Carlos nodded. "They're all bleeding. You be my eyes. History ain't repeating itself on my watch."

A tiny voice whispered inside her head. Damali limped into the church and then stopped. Awareness made her stand up taller and then run in. She grabbed each Guardian female who was pregnant and shook her, causing males to gather around, bewildered.

"It's illusion!" Damali shouted. "Your worst fear amplified by mine. They can't touch these children--they weren't created to be lost like this . . . what happened to me before happened while Carlos was dead."
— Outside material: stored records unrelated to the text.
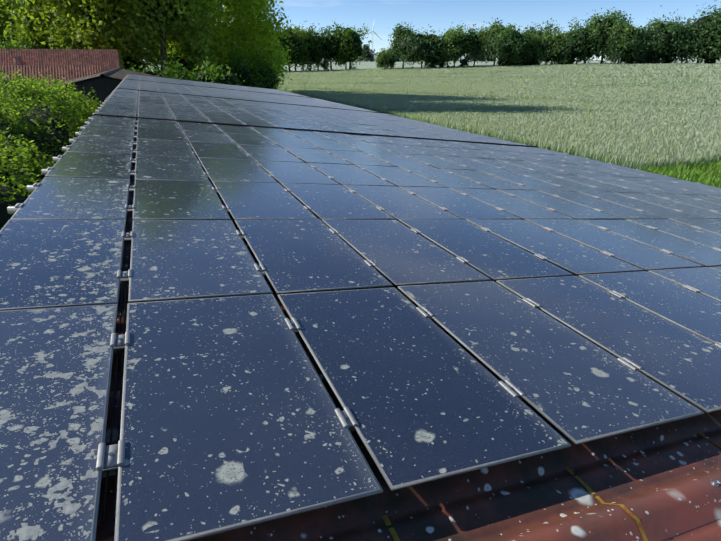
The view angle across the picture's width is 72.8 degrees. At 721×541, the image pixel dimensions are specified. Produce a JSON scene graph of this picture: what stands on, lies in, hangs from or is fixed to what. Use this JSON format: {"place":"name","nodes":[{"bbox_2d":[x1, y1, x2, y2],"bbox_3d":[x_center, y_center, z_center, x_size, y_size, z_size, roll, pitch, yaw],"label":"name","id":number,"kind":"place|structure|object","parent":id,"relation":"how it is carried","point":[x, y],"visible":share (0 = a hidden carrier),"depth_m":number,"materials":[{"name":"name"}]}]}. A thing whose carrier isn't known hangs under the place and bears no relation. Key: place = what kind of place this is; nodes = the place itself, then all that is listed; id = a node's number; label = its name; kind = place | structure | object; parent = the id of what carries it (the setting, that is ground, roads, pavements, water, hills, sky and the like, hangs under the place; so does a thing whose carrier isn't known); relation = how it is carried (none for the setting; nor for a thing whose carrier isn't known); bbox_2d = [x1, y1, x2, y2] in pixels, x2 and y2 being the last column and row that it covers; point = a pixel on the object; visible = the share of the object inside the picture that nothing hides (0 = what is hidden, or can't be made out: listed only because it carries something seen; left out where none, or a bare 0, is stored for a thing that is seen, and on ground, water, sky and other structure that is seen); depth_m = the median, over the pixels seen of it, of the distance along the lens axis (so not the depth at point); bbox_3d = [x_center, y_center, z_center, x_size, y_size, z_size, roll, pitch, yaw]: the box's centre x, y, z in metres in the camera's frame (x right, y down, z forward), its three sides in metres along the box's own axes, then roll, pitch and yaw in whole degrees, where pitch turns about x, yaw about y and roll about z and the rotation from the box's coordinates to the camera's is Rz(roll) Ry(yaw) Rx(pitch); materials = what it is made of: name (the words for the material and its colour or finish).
{"place":"outdoors","nodes":[
{"label":"outdoors","id":0,"kind":"place"},
{"bbox_2d":[0,49,121,71],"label":"roof","id":1,"kind":"structure","parent":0,"point":[107,59],"depth_m":58.85,"materials":[{"name":"tile"}]},
{"bbox_2d":[12,56,20,64],"bbox_3d":[-39.828,-24.141,56.896,0.800,1.450,0.800,-9,25,-20],"label":"chimney","id":2,"kind":"object","parent":1,"relation":"on","point":[17,60],"visible":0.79,"depth_m":56.56,"materials":[{"name":"brick"}]},
{"bbox_2d":[0,65,101,95],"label":"roof","id":3,"kind":"structure","parent":1,"relation":"attached to","point":[68,71],"depth_m":48.51,"materials":[{"name":"tile"}]},
{"bbox_2d":[5,0,720,60],"label":"sky","id":4,"kind":"structure","parent":0,"point":[440,15],"materials":[{"name":"blue"}]},
{"bbox_2d":[145,60,720,186],"bbox_3d":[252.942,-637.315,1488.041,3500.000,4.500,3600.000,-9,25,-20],"label":"field ground","id":5,"kind":"structure","parent":0,"point":[366,65],"depth_m":345.75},
{"bbox_2d":[0,0,26,48],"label":"tree","id":6,"kind":"object","parent":5,"relation":"on","point":[5,19],"visible":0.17,"depth_m":78.48,"materials":[{"name":"green plant"}]},
{"bbox_2d":[0,31,32,48],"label":"shrub","id":7,"kind":"object","parent":5,"relation":"on","point":[18,46],"visible":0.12,"depth_m":69.89,"materials":[{"name":"green plant"}]},
{"bbox_2d":[0,0,97,48],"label":"tree","id":8,"kind":"object","parent":5,"relation":"on","point":[16,29],"visible":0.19,"depth_m":73.08,"materials":[{"name":"green plant"}]},
{"bbox_2d":[0,66,101,229],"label":"bush","id":9,"kind":"object","parent":5,"relation":"on","point":[34,140],"visible":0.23,"depth_m":11.89,"materials":[{"name":"green plant"}]},
{"bbox_2d":[10,8,95,48],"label":"tree","id":10,"kind":"object","parent":5,"relation":"on","point":[30,24],"visible":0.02,"depth_m":75.00,"materials":[{"name":"green plant"}]},
{"bbox_2d":[53,37,83,48],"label":"shrub","id":11,"kind":"object","parent":5,"relation":"on","point":[65,45],"depth_m":71.41,"materials":[{"name":"green plant"}]},
{"bbox_2d":[0,69,163,113],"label":"roof","id":12,"kind":"structure","parent":5,"relation":"on","point":[104,87],"depth_m":26.00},
{"bbox_2d":[100,67,120,76],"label":"shed ridge caps","id":13,"kind":"object","parent":12,"relation":"on","point":[110,71],"visible":0.77,"depth_m":29.85,"materials":[{"name":"grey metal"}]},
{"bbox_2d":[0,0,169,68],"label":"tree","id":14,"kind":"object","parent":5,"relation":"on","point":[88,21],"visible":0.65,"depth_m":67.54,"materials":[{"name":"green plant"}]},
{"bbox_2d":[95,44,151,72],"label":"shrub","id":15,"kind":"object","parent":5,"relation":"on","point":[126,65],"visible":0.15,"depth_m":74.26,"materials":[{"name":"green plant"}]},
{"bbox_2d":[122,61,186,78],"bbox_3d":[-23.517,-20.225,56.833,8.157,7.523,9.613,-9,25,-20],"label":"shrub","id":16,"kind":"object","parent":5,"relation":"on","point":[147,72],"depth_m":55.77,"materials":[{"name":"green plant"}]},
{"bbox_2d":[103,0,224,77],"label":"tree","id":17,"kind":"object","parent":5,"relation":"on","point":[165,20],"visible":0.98,"depth_m":68.94,"materials":[{"name":"green plant"}]},
{"bbox_2d":[154,48,202,76],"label":"shrub","id":18,"kind":"object","parent":5,"relation":"on","point":[190,68],"visible":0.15,"depth_m":76.73,"materials":[{"name":"green plant"}]},
{"bbox_2d":[155,56,203,81],"bbox_3d":[-20.147,-19.620,53.894,8.549,7.398,7.395,21,31,40],"label":"shrub","id":19,"kind":"object","parent":5,"relation":"on","point":[192,76],"visible":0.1,"depth_m":52.82,"materials":[{"name":"green plant"}]},
{"bbox_2d":[193,56,243,85],"bbox_3d":[-16.489,-20.894,57.068,7.629,7.641,9.674,-9,25,-20],"label":"shrub","id":20,"kind":"object","parent":5,"relation":"on","point":[212,75],"visible":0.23,"depth_m":55.36,"materials":[{"name":"green plant"}]},
{"bbox_2d":[150,0,299,89],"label":"tree","id":21,"kind":"object","parent":5,"relation":"on","point":[246,24],"visible":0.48,"depth_m":83.54,"materials":[{"name":"green plant"}]},
{"bbox_2d":[206,46,271,87],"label":"shrub","id":22,"kind":"object","parent":5,"relation":"on","point":[239,69],"visible":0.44,"depth_m":77.68,"materials":[{"name":"green plant"}]},
{"bbox_2d":[246,53,280,89],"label":"shrub","id":23,"kind":"object","parent":5,"relation":"on","point":[270,73],"visible":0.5,"depth_m":85.34,"materials":[{"name":"green plant"}]},
{"bbox_2d":[246,22,291,86],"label":"tree","id":24,"kind":"object","parent":5,"relation":"on","point":[279,62],"visible":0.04,"depth_m":100.03,"materials":[{"name":"green plant"}]},
{"bbox_2d":[275,20,308,70],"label":"tree","id":25,"kind":"object","parent":5,"relation":"on","point":[292,39],"visible":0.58,"depth_m":260.70,"materials":[{"name":"green plant"}]},
{"bbox_2d":[280,27,313,70],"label":"tree","id":26,"kind":"object","parent":5,"relation":"on","point":[297,55],"visible":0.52,"depth_m":265.01,"materials":[{"name":"green plant"}]},
{"bbox_2d":[294,23,319,70],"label":"tree","id":27,"kind":"object","parent":5,"relation":"on","point":[312,43],"visible":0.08,"depth_m":270.16,"materials":[{"name":"green plant"}]},
{"bbox_2d":[299,23,324,69],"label":"tree","id":28,"kind":"object","parent":5,"relation":"on","point":[309,48],"visible":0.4,"depth_m":269.91,"materials":[{"name":"green plant"}]},
{"bbox_2d":[304,23,332,70],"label":"tree","id":29,"kind":"object","parent":5,"relation":"on","point":[317,57],"visible":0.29,"depth_m":272.80,"materials":[{"name":"green plant"}]},
{"bbox_2d":[318,59,329,70],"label":"field bush","id":30,"kind":"object","parent":5,"relation":"on","point":[324,64],"visible":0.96,"depth_m":253.96,"materials":[{"name":"green plant"}]},
{"bbox_2d":[314,20,343,69],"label":"tree","id":31,"kind":"object","parent":5,"relation":"on","point":[327,43],"visible":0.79,"depth_m":269.25,"materials":[{"name":"green plant"}]},
{"bbox_2d":[327,23,369,68],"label":"tree","id":32,"kind":"object","parent":5,"relation":"on","point":[355,44],"visible":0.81,"depth_m":268.65,"materials":[{"name":"green plant"}]},
{"bbox_2d":[333,28,364,69],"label":"tree","id":33,"kind":"object","parent":5,"relation":"on","point":[346,57],"visible":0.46,"depth_m":269.87,"materials":[{"name":"green plant"}]},
{"bbox_2d":[362,40,374,61],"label":"tree","id":34,"kind":"object","parent":5,"relation":"on","point":[366,46],"visible":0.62,"depth_m":552.12,"materials":[{"name":"green plant"}]},
{"bbox_2d":[362,50,376,61],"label":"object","id":35,"kind":"object","parent":5,"relation":"on","point":[373,56],"visible":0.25,"depth_m":583.98,"materials":[{"name":"green plant"}]},
{"bbox_2d":[365,19,381,48],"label":"wind turbine","id":36,"kind":"object","parent":5,"relation":"on","point":[372,35],"visible":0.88,"depth_m":1800.00,"materials":[{"name":"white metal"}]},
{"bbox_2d":[375,48,396,68],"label":"bush","id":37,"kind":"object","parent":5,"relation":"on","point":[384,59],"visible":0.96,"depth_m":250.16,"materials":[{"name":"green plant"}]},
{"bbox_2d":[387,22,415,68],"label":"tree","id":38,"kind":"object","parent":5,"relation":"on","point":[398,32],"visible":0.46,"depth_m":241.87,"materials":[{"name":"green plant"}]},
{"bbox_2d":[389,24,448,68],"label":"tree","id":39,"kind":"object","parent":5,"relation":"on","point":[418,47],"visible":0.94,"depth_m":231.36,"materials":[{"name":"green plant"}]},
{"bbox_2d":[424,58,446,68],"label":"field tree","id":40,"kind":"object","parent":5,"relation":"on","point":[439,63],"visible":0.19,"depth_m":242.15,"materials":[{"name":"green plant"}]},
{"bbox_2d":[436,25,465,66],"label":"tree","id":41,"kind":"object","parent":5,"relation":"on","point":[445,55],"visible":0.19,"depth_m":233.15,"materials":[{"name":"green plant"}]},
{"bbox_2d":[436,22,472,67],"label":"tree","id":42,"kind":"object","parent":5,"relation":"on","point":[457,46],"visible":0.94,"depth_m":227.36,"materials":[{"name":"green plant"}]},
{"bbox_2d":[459,58,471,66],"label":"field shrub","id":43,"kind":"object","parent":5,"relation":"on","point":[463,62],"visible":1,"depth_m":232.60,"materials":[{"name":"green plant"}]},
{"bbox_2d":[461,23,488,65],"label":"tree","id":44,"kind":"object","parent":5,"relation":"on","point":[475,51],"visible":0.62,"depth_m":228.48,"materials":[{"name":"green plant"}]},
{"bbox_2d":[473,18,514,65],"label":"tree","id":45,"kind":"object","parent":5,"relation":"on","point":[493,30],"visible":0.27,"depth_m":222.28,"materials":[{"name":"green plant"}]},
{"bbox_2d":[481,29,515,65],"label":"tree","id":46,"kind":"object","parent":5,"relation":"on","point":[498,52],"visible":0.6,"depth_m":219.28,"materials":[{"name":"green plant"}]},
{"bbox_2d":[276,63,720,187],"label":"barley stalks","id":47,"kind":"object","parent":5,"relation":"on","point":[665,118],"visible":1,"depth_m":73.84,"materials":[{"name":"green plant"}]},
{"bbox_2d":[500,55,511,66],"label":"field shrub","id":48,"kind":"object","parent":5,"relation":"on","point":[503,63],"visible":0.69,"depth_m":223.02,"materials":[{"name":"green plant"}]},
{"bbox_2d":[492,23,534,65],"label":"tree","id":49,"kind":"object","parent":5,"relation":"on","point":[517,43],"visible":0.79,"depth_m":215.69,"materials":[{"name":"green plant"}]},
{"bbox_2d":[514,53,533,65],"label":"field shrub","id":50,"kind":"object","parent":5,"relation":"on","point":[527,56],"visible":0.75,"depth_m":218.53,"materials":[{"name":"green plant"}]},
{"bbox_2d":[510,28,542,65],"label":"tree","id":51,"kind":"object","parent":5,"relation":"on","point":[530,47],"visible":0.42,"depth_m":220.25,"materials":[{"name":"green plant"}]},
{"bbox_2d":[527,55,541,64],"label":"field shrub","id":52,"kind":"object","parent":5,"relation":"on","point":[533,59],"visible":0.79,"depth_m":219.03,"materials":[{"name":"green plant"}]},
{"bbox_2d":[521,18,556,61],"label":"tree","id":53,"kind":"object","parent":5,"relation":"on","point":[538,31],"visible":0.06,"depth_m":234.32,"materials":[{"name":"green plant"}]},
{"bbox_2d":[533,24,562,63],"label":"tree","id":54,"kind":"object","parent":5,"relation":"on","point":[548,32],"visible":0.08,"depth_m":228.36,"materials":[{"name":"green plant"}]},
{"bbox_2d":[536,25,560,64],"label":"tree","id":55,"kind":"object","parent":5,"relation":"on","point":[545,38],"visible":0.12,"depth_m":218.00,"materials":[{"name":"green plant"}]},
{"bbox_2d":[535,27,575,64],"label":"tree","id":56,"kind":"object","parent":5,"relation":"on","point":[551,45],"visible":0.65,"depth_m":215.49,"materials":[{"name":"green plant"}]},
{"bbox_2d":[555,57,574,64],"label":"field shrub","id":57,"kind":"object","parent":5,"relation":"on","point":[566,61],"visible":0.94,"depth_m":213.26,"materials":[{"name":"green plant"}]},
{"bbox_2d":[556,17,582,63],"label":"tree","id":58,"kind":"object","parent":5,"relation":"on","point":[576,24],"visible":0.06,"depth_m":227.22,"materials":[{"name":"green plant"}]},
{"bbox_2d":[567,54,575,63],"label":"field shrub","id":59,"kind":"object","parent":5,"relation":"on","point":[568,56],"visible":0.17,"depth_m":216.61,"materials":[{"name":"green plant"}]},
{"bbox_2d":[558,19,597,63],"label":"tree","id":60,"kind":"object","parent":5,"relation":"on","point":[576,40],"visible":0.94,"depth_m":209.32,"materials":[{"name":"green plant"}]},
{"bbox_2d":[570,18,597,62],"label":"tree","id":61,"kind":"object","parent":5,"relation":"on","point":[590,26],"depth_m":226.93,"materials":[{"name":"green plant"}]},
{"bbox_2d":[578,7,633,63],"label":"tree","id":62,"kind":"object","parent":5,"relation":"on","point":[600,28],"visible":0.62,"depth_m":205.16,"materials":[{"name":"green plant"}]},
{"bbox_2d":[592,11,626,61],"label":"tree","id":63,"kind":"object","parent":5,"relation":"on","point":[609,17],"visible":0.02,"depth_m":217.91,"materials":[{"name":"green plant"}]},
{"bbox_2d":[597,16,643,63],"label":"tree","id":64,"kind":"object","parent":5,"relation":"on","point":[627,30],"visible":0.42,"depth_m":200.09,"materials":[{"name":"green plant"}]},
{"bbox_2d":[619,55,635,63],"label":"field shrub","id":65,"kind":"object","parent":5,"relation":"on","point":[630,61],"visible":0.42,"depth_m":204.40,"materials":[{"name":"green plant"}]},
{"bbox_2d":[605,22,652,63],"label":"tree","id":66,"kind":"object","parent":5,"relation":"on","point":[639,38],"visible":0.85,"depth_m":198.50,"materials":[{"name":"green plant"}]},
{"bbox_2d":[624,54,658,63],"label":"bush","id":67,"kind":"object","parent":5,"relation":"on","point":[637,61],"depth_m":210.69,"materials":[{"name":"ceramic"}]},
{"bbox_2d":[661,57,674,62],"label":"field shrub","id":68,"kind":"object","parent":5,"relation":"on","point":[669,61],"visible":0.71,"depth_m":204.60,"materials":[{"name":"green plant"}]},
{"bbox_2d":[642,18,700,62],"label":"tree","id":69,"kind":"object","parent":5,"relation":"on","point":[663,43],"visible":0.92,"depth_m":193.47,"materials":[{"name":"green plant"}]},
{"bbox_2d":[643,5,706,62],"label":"tree","id":70,"kind":"object","parent":5,"relation":"on","point":[661,24],"visible":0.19,"depth_m":196.74,"materials":[{"name":"green plant"}]},
{"bbox_2d":[678,3,720,63],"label":"tree","id":71,"kind":"object","parent":5,"relation":"on","point":[713,45],"visible":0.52,"depth_m":187.51,"materials":[{"name":"green plant"}]},
{"bbox_2d":[679,0,720,62],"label":"tree","id":72,"kind":"object","parent":5,"relation":"on","point":[701,22],"visible":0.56,"depth_m":188.43,"materials":[{"name":"green plant"}]},
{"bbox_2d":[698,52,715,63],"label":"field shrub","id":73,"kind":"object","parent":5,"relation":"on","point":[709,59],"visible":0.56,"depth_m":191.06,"materials":[{"name":"green plant"}]},
{"bbox_3d":[-2.637,-3.069,17.044,9.521,5.948,38.180,-9,25,-20],"label":"barn body","id":74,"kind":"object","parent":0,"visible":0},
{"bbox_2d":[70,115,720,540],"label":"red roof sheet","id":75,"kind":"object","parent":74,"relation":"on","point":[656,479],"depth_m":1.35,"materials":[{"name":"metal"}]},
{"bbox_2d":[7,75,705,477],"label":"mounting rails","id":76,"kind":"object","parent":75,"relation":"on","point":[123,281],"visible":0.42,"depth_m":8.24,"materials":[{"name":"metal"}]},
{"bbox_2d":[0,74,720,540],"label":"solar panels","id":77,"kind":"object","parent":76,"relation":"on","point":[230,418],"visible":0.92,"depth_m":2.17,"materials":[{"name":"blue glass"}]},
{"bbox_2d":[15,74,720,469],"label":"panel clamps","id":78,"kind":"object","parent":76,"relation":"attached to","point":[109,456],"visible":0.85,"depth_m":2.50,"materials":[{"name":"metal"}]},
{"bbox_2d":[102,102,720,540],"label":"cable","id":79,"kind":"object","parent":75,"relation":"on","point":[584,484],"visible":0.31,"depth_m":1.43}
]}

Damali pointed to the floor of the church. "What do you see?"

Female Neteru Guardians stood slowly and looked around and then down at their clothes.

"Right. The moment you crossed the threshold, the blood disappeared."

Nuit spun away from the tip of a Neteru blade as it burned a graze mark in his black fatigues at his chest, and then sent a black charge toward Carlos, who deflected it with his shield of Heru. "We go way back, motherfucker -- and this time you have gone too far!" Carlos shouted, still partially blind as he listened for Nuit to land.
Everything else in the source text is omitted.